1. DOCUMENTS FOR FUTURE USE
I wrote the following documents for future use at The Monero Project and are intended to be living documents that are updated during and after the planning of each years’ events.
- The 2019 finalized Monero Konferenco Budget. This document can be copied for future years. We recommend using the actuals from the previous year as projected numbers for the present year… saving money over the 2019 actuals should be an easy PR win for the 2020 organizers. Check it out here. ODS file.
- The 2019 Monero Konferenco Post Morto. Post morto is in Esperanto, not latin. I speak about what went wrong, what went right, changes we can make next year, and so on in this document.

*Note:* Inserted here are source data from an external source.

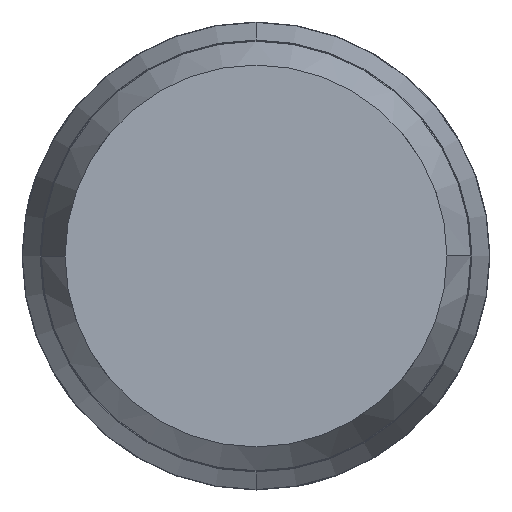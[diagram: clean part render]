
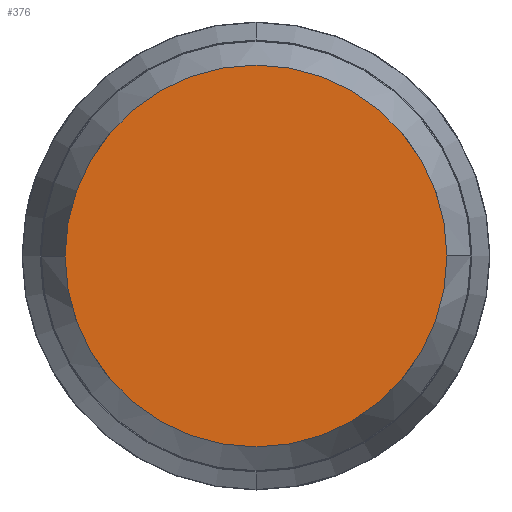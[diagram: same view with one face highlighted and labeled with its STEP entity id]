
A CAD part, left-side view. The second image highlights one B-rep face of the part: STEP entity #376.
In plain terms, the highlighted planar face has unit normal (-1, 0, 0).
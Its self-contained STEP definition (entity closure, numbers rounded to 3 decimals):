
#33 = EDGE_LOOP ( 'NONE', ( #1135, #642 ) ) ;
#45 = CARTESIAN_POINT ( 'NONE',  ( -125.9, 0., -31. ) ) ;
#215 = DIRECTION ( 'NONE',  ( 0., 0., 1. ) ) ;
#227 = CIRCLE ( 'NONE', #1600, 31. ) ;
#350 = CARTESIAN_POINT ( 'NONE',  ( -125.9, -31.372, -31.372 ) ) ;
#360 = DIRECTION ( 'NONE',  ( -1., 0., 0. ) ) ;
#376 = ADVANCED_FACE ( 'NONE', ( #1815 ), #733, .T. ) ;
#642 = ORIENTED_EDGE ( 'NONE', *, *, #1393, .T. ) ;
#726 = DIRECTION ( 'NONE',  ( -1., 0., 0. ) ) ;
#733 = PLANE ( 'NONE',  #896 ) ;
#896 = AXIS2_PLACEMENT_3D ( 'NONE', #350, #726, #215 ) ;
#919 = VERTEX_POINT ( 'NONE', #45 ) ;
#968 = AXIS2_PLACEMENT_3D ( 'NONE', #2048, #360, #1535 ) ;
#977 = CARTESIAN_POINT ( 'NONE',  ( -125.9, 0., 0. ) ) ;
#1135 = ORIENTED_EDGE ( 'NONE', *, *, #1197, .T. ) ;
#1197 = EDGE_CURVE ( 'NONE', #919, #1975, #2015, .T. ) ;
#1393 = EDGE_CURVE ( 'NONE', #1975, #919, #227, .T. ) ;
#1535 = DIRECTION ( 'NONE',  ( 0., 0., -1. ) ) ;
#1600 = AXIS2_PLACEMENT_3D ( 'NONE', #977, #2161, #2153 ) ;
#1815 = FACE_OUTER_BOUND ( 'NONE', #33, .T. ) ;
#1975 = VERTEX_POINT ( 'NONE', #2071 ) ;
#2015 = CIRCLE ( 'NONE', #968, 31. ) ;
#2048 = CARTESIAN_POINT ( 'NONE',  ( -125.9, 0., 0. ) ) ;
#2071 = CARTESIAN_POINT ( 'NONE',  ( -125.9, 0., 31. ) ) ;
#2153 = DIRECTION ( 'NONE',  ( 0., 0., -1. ) ) ;
#2161 = DIRECTION ( 'NONE',  ( -1., 0., 0. ) ) ;
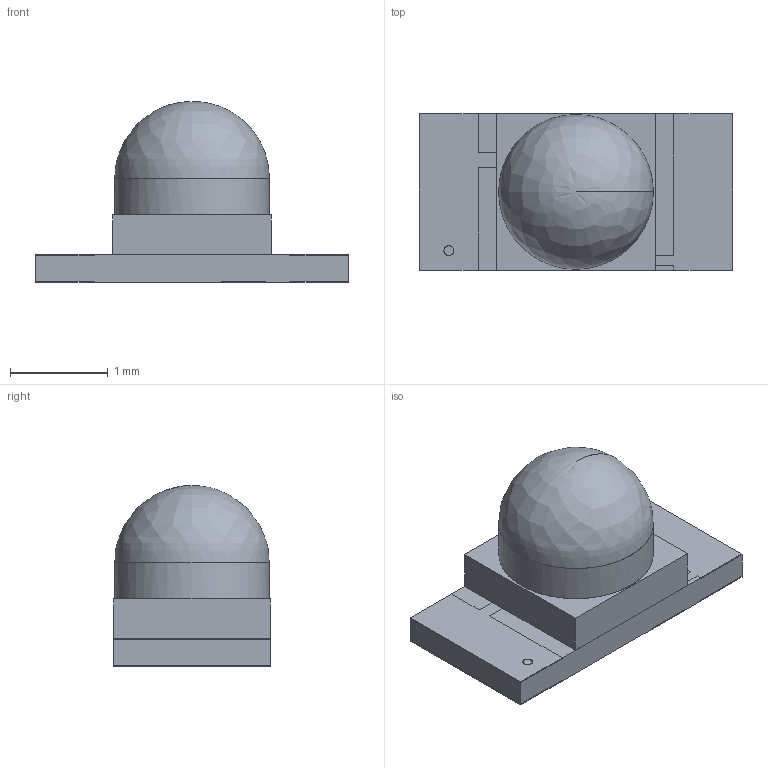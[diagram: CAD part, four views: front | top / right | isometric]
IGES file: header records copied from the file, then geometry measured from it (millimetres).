
Start section: C
Global section: file name: 154120T1C3060.igs; native system: By Siemens PLM Incorporated; preprocessor: XPlus GENERIC/IGES 21.0.46; author: Author; organization: Title; date: 20180705.102614; units: millimetre
Bounding box: 3.2 x 1.6 x 1.85 mm (x, y, z)
Surface area: 34.8 mm2 (no closed solid volume)
Topology: 0 solids, 0 shells, 82 faces, 407 edges, 406 vertices
Faces by surface type: bspline 82
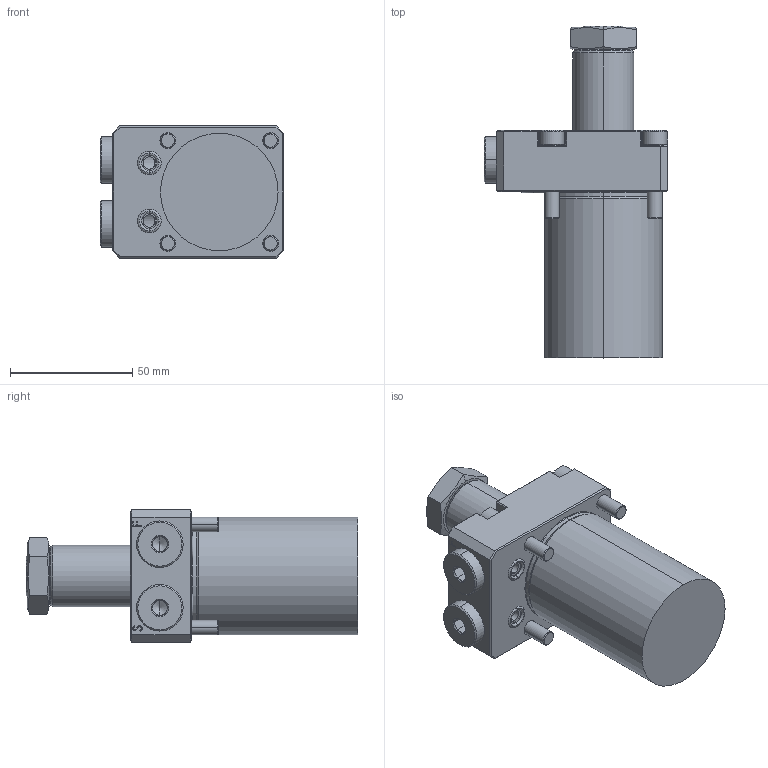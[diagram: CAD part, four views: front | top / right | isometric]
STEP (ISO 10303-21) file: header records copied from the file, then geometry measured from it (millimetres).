
FILE_DESCRIPTION (( 'STEP AP214' ), '1' );
FILE_NAME ('MVI-FS322523-90D.step', '2023-11-02T19:12:53', ( '' ), ( '' ), 'SwSTEP 2.0', 'SolidWorks 2020', '' );
FILE_SCHEMA (( 'AUTOMOTIVE_DESIGN' ));
Length unit declared in the file: millimetre
Products named in the file (1): MVI-FS322523-90D
Bounding box: 75 x 135.55 x 54 mm (x, y, z)
Volume: 220814.5 mm3; surface area: 43750.9 mm2
Topology: 9 solids, 11 shells, 436 faces, 986 edges, 599 vertices
Faces by surface type: plane 210, cylinder 104, cone 63, torus 32, bspline 27
Entity records: 15289 total; most frequent: CARTESIAN_POINT 4065, DIRECTION 2037, ORIENTED_EDGE 1956, EDGE_CURVE 978, AXIS2_PLACEMENT_3D 739, VERTEX_POINT 599, VECTOR 559, LINE 559
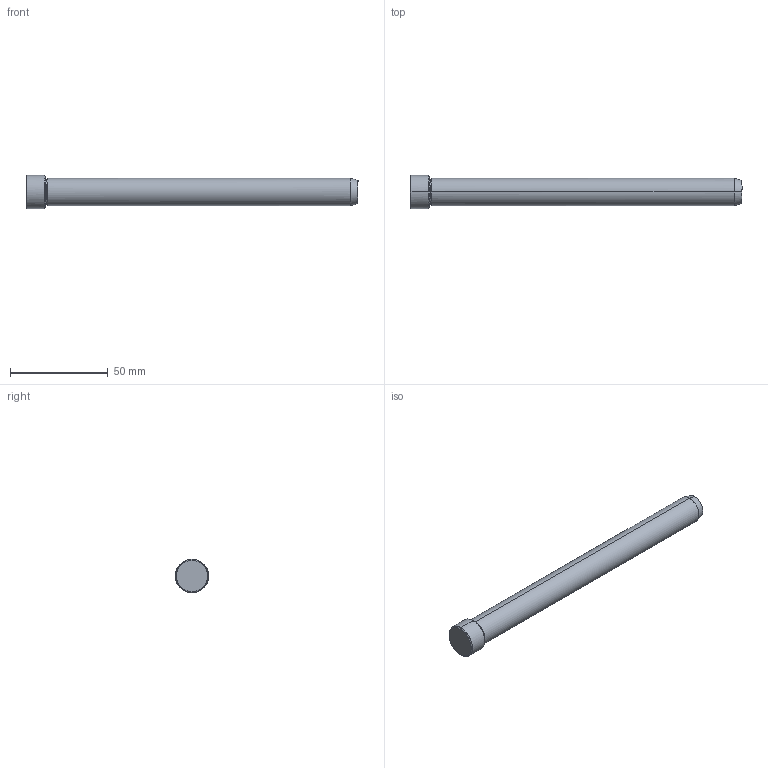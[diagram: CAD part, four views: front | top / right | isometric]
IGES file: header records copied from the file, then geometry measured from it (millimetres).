
Start section: Comment
Global section: file name: G2_17x170.igs; native system:  By Spatial Corp.; preprocessor: XPlus PS/IGES 3.0; author: Author; organization: Title; date: 20040919.220843; units: inch
Bounding box: 170 x 17 x 17 mm (x, y, z)
Surface area: 7963.9 mm2 (no closed solid volume)
Topology: 0 solids, 0 shells, 17 faces, 64 edges, 64 vertices
Faces by surface type: bspline 17
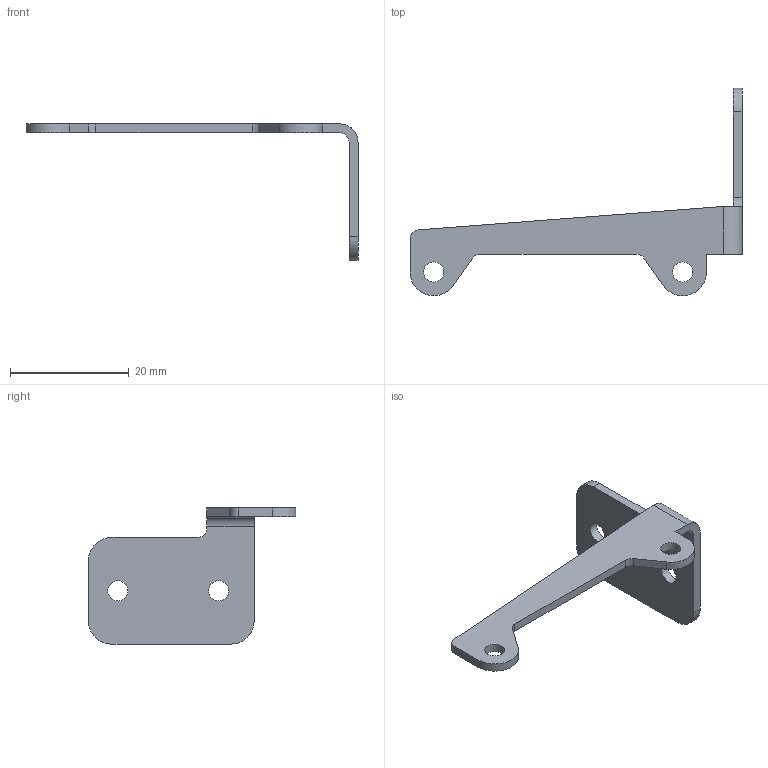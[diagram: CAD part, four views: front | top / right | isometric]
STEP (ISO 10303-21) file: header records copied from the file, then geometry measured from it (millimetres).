
FILE_DESCRIPTION(('FreeCAD Model'),'2;1');
FILE_NAME('Open CASCADE Shape Model','2026-01-26T22:20:36',(''),(''), 'Open CASCADE STEP processor 7.8','FreeCAD','Unknown');
FILE_SCHEMA(('AUTOMOTIVE_DESIGN { 1 0 10303 214 1 1 1 1 }'));
Length unit declared in the file: millimetre
Products named in the file (1): heater_bracket
Bounding box: 56 x 34.99 x 23 mm (x, y, z)
Volume: 1399.3 mm3; surface area: 2253.5 mm2
Topology: 1 solids, 1 shells, 30 faces, 85 edges, 57 vertices
Faces by surface type: plane 15, cylinder 15
Full cylindrical faces by diameter (mm): 3.4 x4
Entity records: 1026 total; most frequent: DIRECTION 178, CARTESIAN_POINT 173, ORIENTED_EDGE 170, EDGE_CURVE 85, AXIS2_PLACEMENT_3D 62, VERTEX_POINT 57, LINE 54, VECTOR 54

Find it here.
- The Guide to Hosting a Konferenco. This document describes a general structure for delegating tasks that we think may work well for future years of organizing the Konferenco. We recommend that an organizer act as the bridge connecting a steering committee to make organizational decisions, a content committee making scheduling and speaker decisions, vendors, sponsors, and conference attendees. Find it here.
- The Guide for a Konferenco Organizer. This document describes the tasks of the Konferenco Organizer. Check it out here.
- The Guide for a Konferenco Steering Committee. This document describes how the steering committee works. Check it out here.
- The Guide for a Konferenco Content Committee. This document describes how the steering committee works. Check it out here
2. TALKS AND OUTREACH
- In May:
- I attended the Magical Crypto Conference.
- I gave a talk on making Monero harder, better, faster, and stronger.
- I sat on a panel with Andrew Poelstra about privacy, how Monero works, and more.
- I gave an interview with the folks from MoneroTalk. Check this out here
- In June:
- I attended the Magical Crypto Conference.
3. COMMUNITY SERVICE
In April, May, and June, I organized the Monero Konferenco for the community. You can see the content we produced here or by swinging by the Monerotalk Live page here to see some of the (quite frankly very interesting) interviews.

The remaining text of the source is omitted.